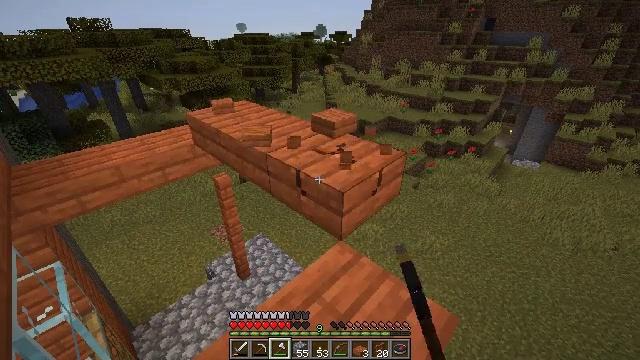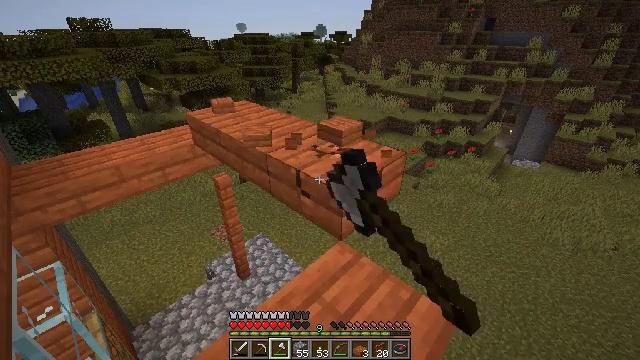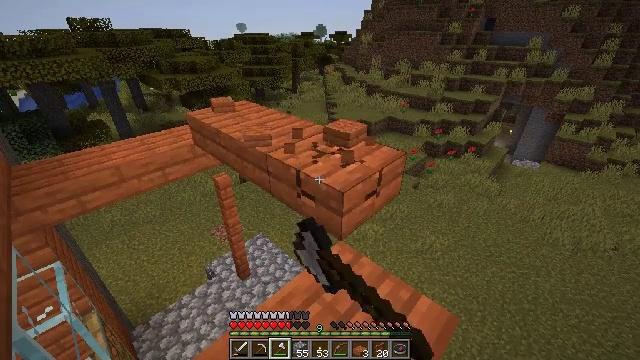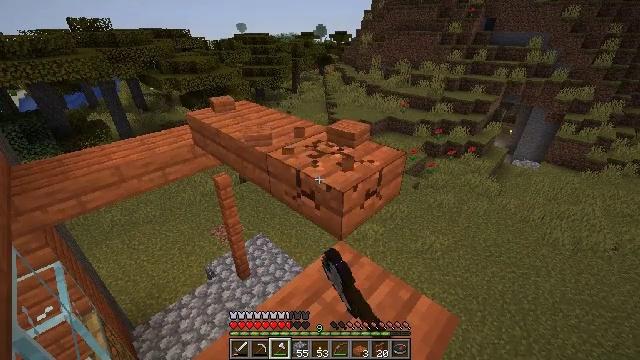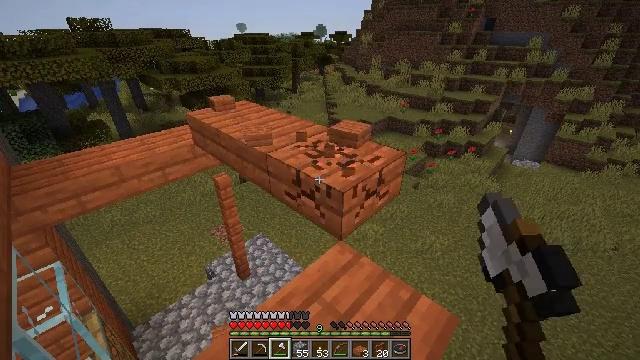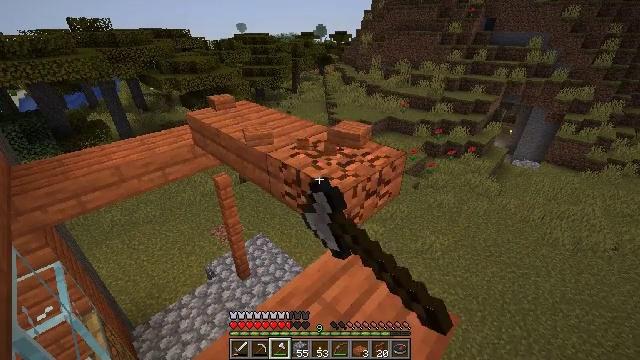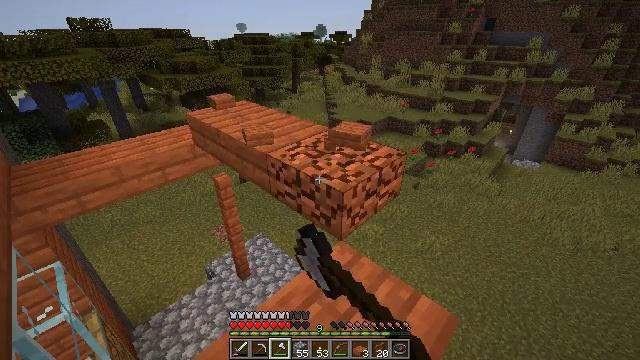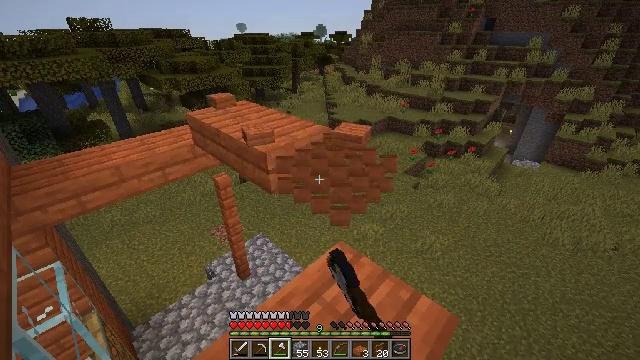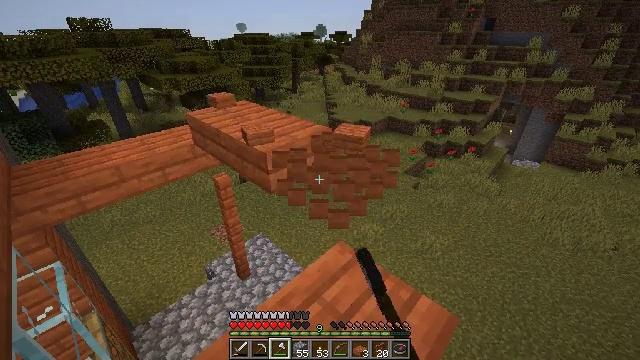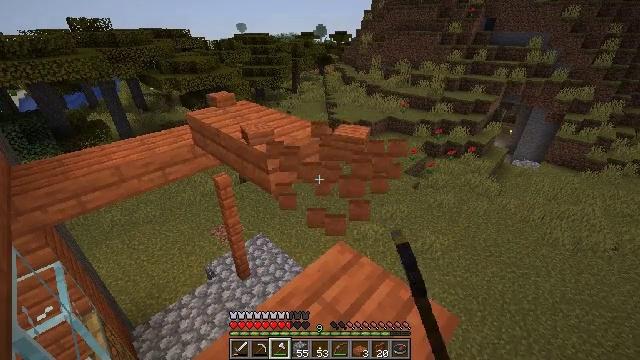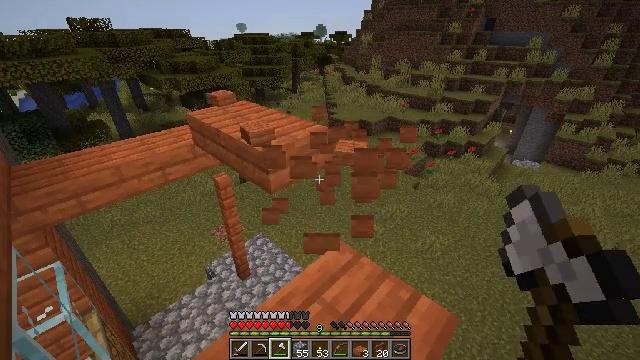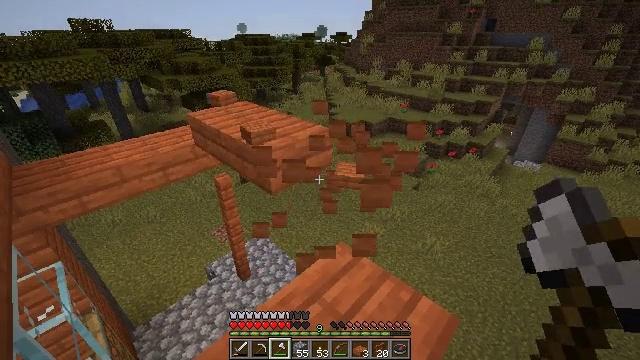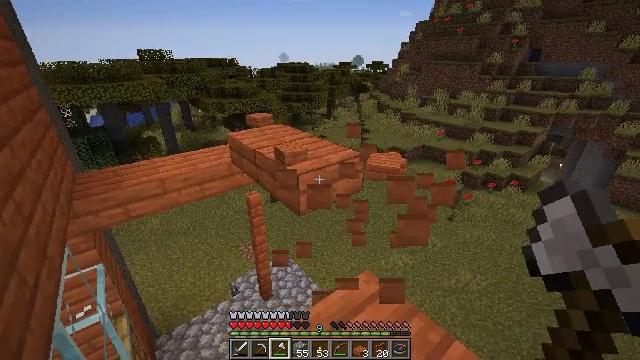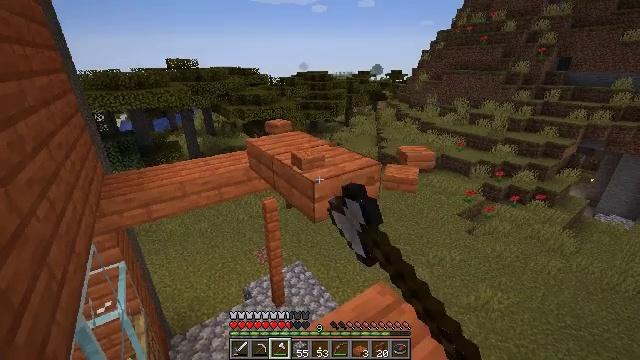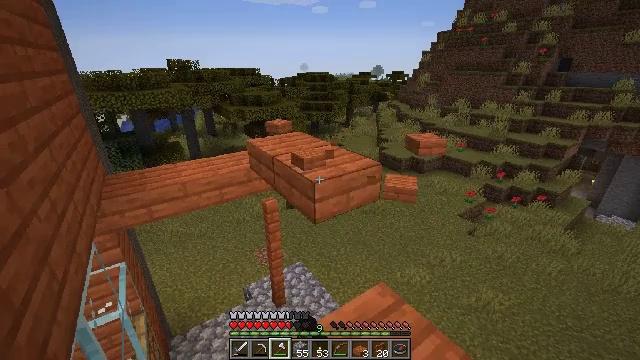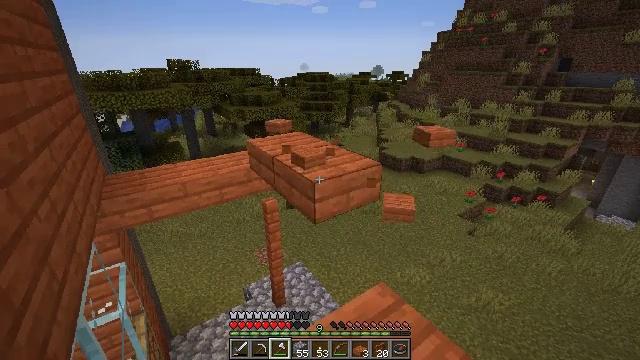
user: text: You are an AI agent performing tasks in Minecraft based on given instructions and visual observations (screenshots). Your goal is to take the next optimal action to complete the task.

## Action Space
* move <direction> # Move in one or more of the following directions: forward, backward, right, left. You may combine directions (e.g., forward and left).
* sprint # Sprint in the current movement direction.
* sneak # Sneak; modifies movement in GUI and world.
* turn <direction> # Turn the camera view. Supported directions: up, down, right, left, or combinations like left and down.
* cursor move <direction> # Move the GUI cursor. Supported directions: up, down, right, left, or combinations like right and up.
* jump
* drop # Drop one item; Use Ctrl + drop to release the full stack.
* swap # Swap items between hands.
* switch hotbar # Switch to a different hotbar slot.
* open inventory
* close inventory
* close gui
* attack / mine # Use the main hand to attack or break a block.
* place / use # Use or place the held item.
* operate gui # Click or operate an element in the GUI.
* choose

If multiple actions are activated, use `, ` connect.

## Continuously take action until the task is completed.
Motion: motion action
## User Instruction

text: Mine the acacia slab.
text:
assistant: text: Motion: attack / mine
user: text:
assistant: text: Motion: attack / mine
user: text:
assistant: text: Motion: attack / mine
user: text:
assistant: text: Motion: attack / mine
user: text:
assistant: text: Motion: attack / mine
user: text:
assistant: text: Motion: attack / mine
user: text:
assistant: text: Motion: attack / mine
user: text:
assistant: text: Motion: attack / mine
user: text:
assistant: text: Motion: attack / mine
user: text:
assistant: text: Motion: attack / mine
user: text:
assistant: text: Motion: attack / mine
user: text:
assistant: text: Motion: turn left and up, attack / mine
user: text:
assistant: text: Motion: turn left and up, attack / mine
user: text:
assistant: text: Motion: attack / mine
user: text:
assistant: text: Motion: attack / mine
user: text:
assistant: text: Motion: attack / mine
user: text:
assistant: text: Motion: attack / mine
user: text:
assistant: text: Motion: attack / mine
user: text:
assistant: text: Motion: attack / mine
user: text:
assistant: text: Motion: attack / mine
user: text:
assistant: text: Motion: attack / mine
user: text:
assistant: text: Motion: attack / mine
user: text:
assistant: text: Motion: attack / mine
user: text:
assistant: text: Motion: attack / mine
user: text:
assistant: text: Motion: attack / mine
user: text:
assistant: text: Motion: attack / mine
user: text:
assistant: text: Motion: attack / mine
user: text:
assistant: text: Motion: attack / mine
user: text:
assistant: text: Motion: turn left and up, attack / mine
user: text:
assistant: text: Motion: turn left and up, attack / mine

○ ○ ○ ○ ○

** YOUR INSTRUCTIONS **
Your answer should be every line from the material above in which the word "task" appears.

** EXERCISE ANSWER **
user: text: You are an AI agent performing tasks in Minecraft based on given instructions and visual observations (screenshots). Your goal is to take the next optimal action to complete the task.
## Continuously take action until the task is completed.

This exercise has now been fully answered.